Najbardziej smakuje własny produkt, własnego pomysłu.

Najbardziej smakuje własny produkt, własnego pomysłu.

Coś rano smacznego i zdrowego na ząb, by i reszta dnia "smakowała".

*********************************************
Tekst ten wstawiłem 10.września 2024 roku o godzinie 08.00.

Dziś kolejna.... "miesięcznica".

Dla mnie jakże smutna i nadal tragiczna.

Ale rozgrywana co miesiąc (no bo nie przeżywana ) przez jakże już nielicznych, dla jakże dalej, jeszcze mimo to -licznych - (wyborców).

Takie informacje , z jakimi się dziś się tu zapoznacie, możecie uzyskać tylko dzięki dociekliwości także innych, podobnych mi domorosłych historyków, buszujących m.in. w Centralnym Archiwum Wojskowym.

Przypomnę, że to "ten" generał stał w najbardziej gorącym okresie (w latach 2010–2012) na czele Sekretariatu Dowódcy Sił Powietrznych w Warszawie.
To on (uwaga) blokował obieg informacji o dokumentach mających wpływ na działanie stosownych organów państwa, (uwaga!) mających na celu wyjaśnienie przyczyn katastrofy smoleńskiej.

"Ten" generał , również jako późniejszy już jako dowódca garnizonu w Warszawie, wydał w 2016 roku rozkaz nr 15871/16 , który nakazywał w czasie ówczesnych rządów PiS, oglądanie przez podległych mu żołnierzy tylko....... TVP Info.

https://youtu.be/rjfUm6mbBv4?feature=shared

Po to, by tylko z tego źródła "ssać" najprawdziwsze dla żołnierskiego morale informacje.

Potwierdzać może, ten właśnie ujawniony fakt, także prawdziwość tzw "insynuacji opozycji", że podobnie czynili to inni, np kolejni szefowie służby więziennej, na terenie zakładów karnych, wskutek czego (oglądania tylko TVP Info) "narodził się" tam taki człowiek jak morderca prezydenta Gdańska.

No bo trend ten był i...... był przez najwyższych w państwie, kierowanym przez kierownictwo PiS-akceptowany.

To on także utrzymywał (uwaga!) w tajemnicy kulisy nagłego -uprzedzającego czekające go konsekwencje-faktu dymisji - ówczesnego Szefa Sztabu Sił Powietrznych, generała Krzysztofa Załęskiego- który objął natychmiast obowiązki dowódcy Sił Powietrznych po śmierci gen.

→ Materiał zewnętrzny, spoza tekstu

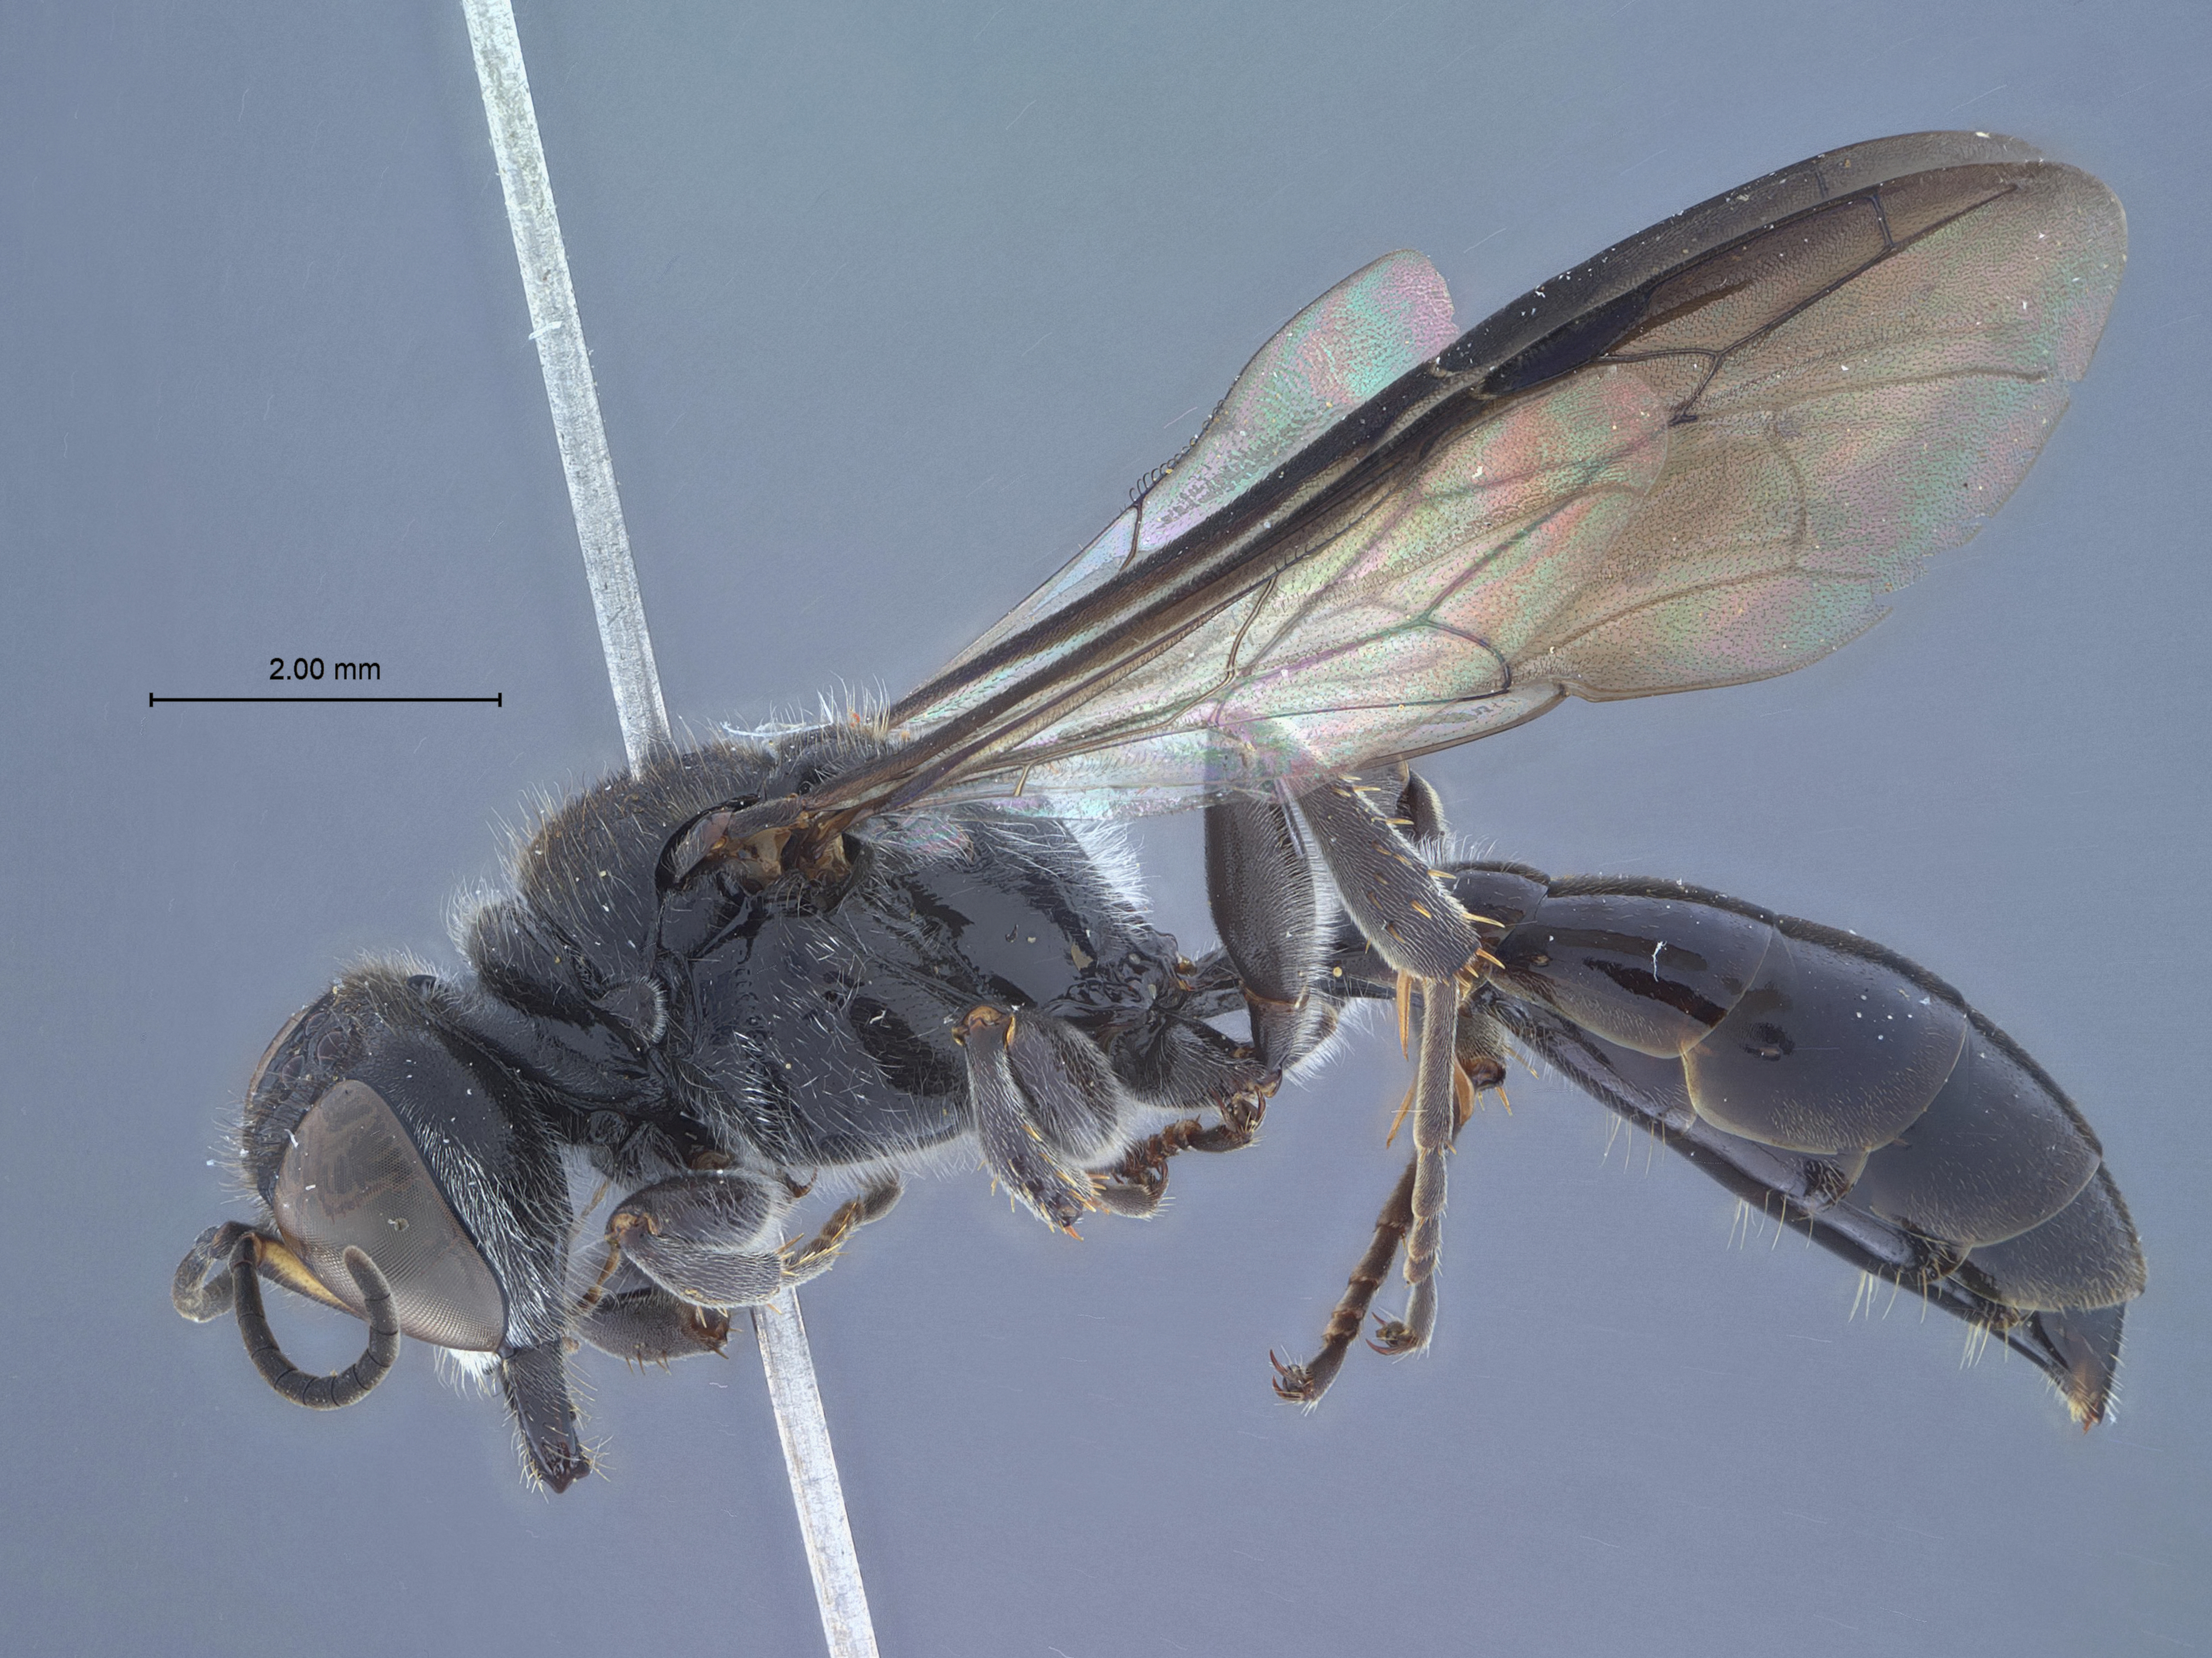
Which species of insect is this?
Crossocerus surusumi

Andrzeja Błasika, który to zginął w katastrofie prezydenckiego samolotu pod Smoleńskiem 10 kwietnia.***

Nawet tego "epizodu" kadrowego nie zauważyliście, więc ja go Wam na dziś uwypuklam i przybliżam..

Dziennikarze PAP również po jakimś czasie zaczęli dostrzegać zdanie inne, od oczekiwanego przez prezesa PiS, po jego ostatniej brawurowej wizycie w Kijowie.

Oto materiał Polskiej Agencji Prasowej"

https://youtu.be/nvfHTxmiTe0

Czy czegoś nie rozumiecie?

Legenda***:

"Wojsko nie chciało ujawnić powodów decyzji gen. Załęskiego. Nieoficjalnie w rozmowach z „Rzeczpospolitą” wojskowi twierdzili, że generał sformułował je w obszernej analizie na temat sytuacji w Siłach Powietrznych.
Miał w niej przedstawić szereg nieprawidłowości, do których dochodzi w polskim lotnictwie w czasie kierowania nim przez generała Błasika."

– "Nie mogę zdradzać szczegółów, bo dokument gen. Załęskiego jest niejawny, ale z łatwością można się domyśleć, o jakie zaniedbania chodzi. Ostatnio było o tym głośno" – opowiada jeden z wysokich rangą oficerów.
– Generał nie chciał firmować tego, co się dzieje w lotnictwie wojskowym swoim nazwiskiem".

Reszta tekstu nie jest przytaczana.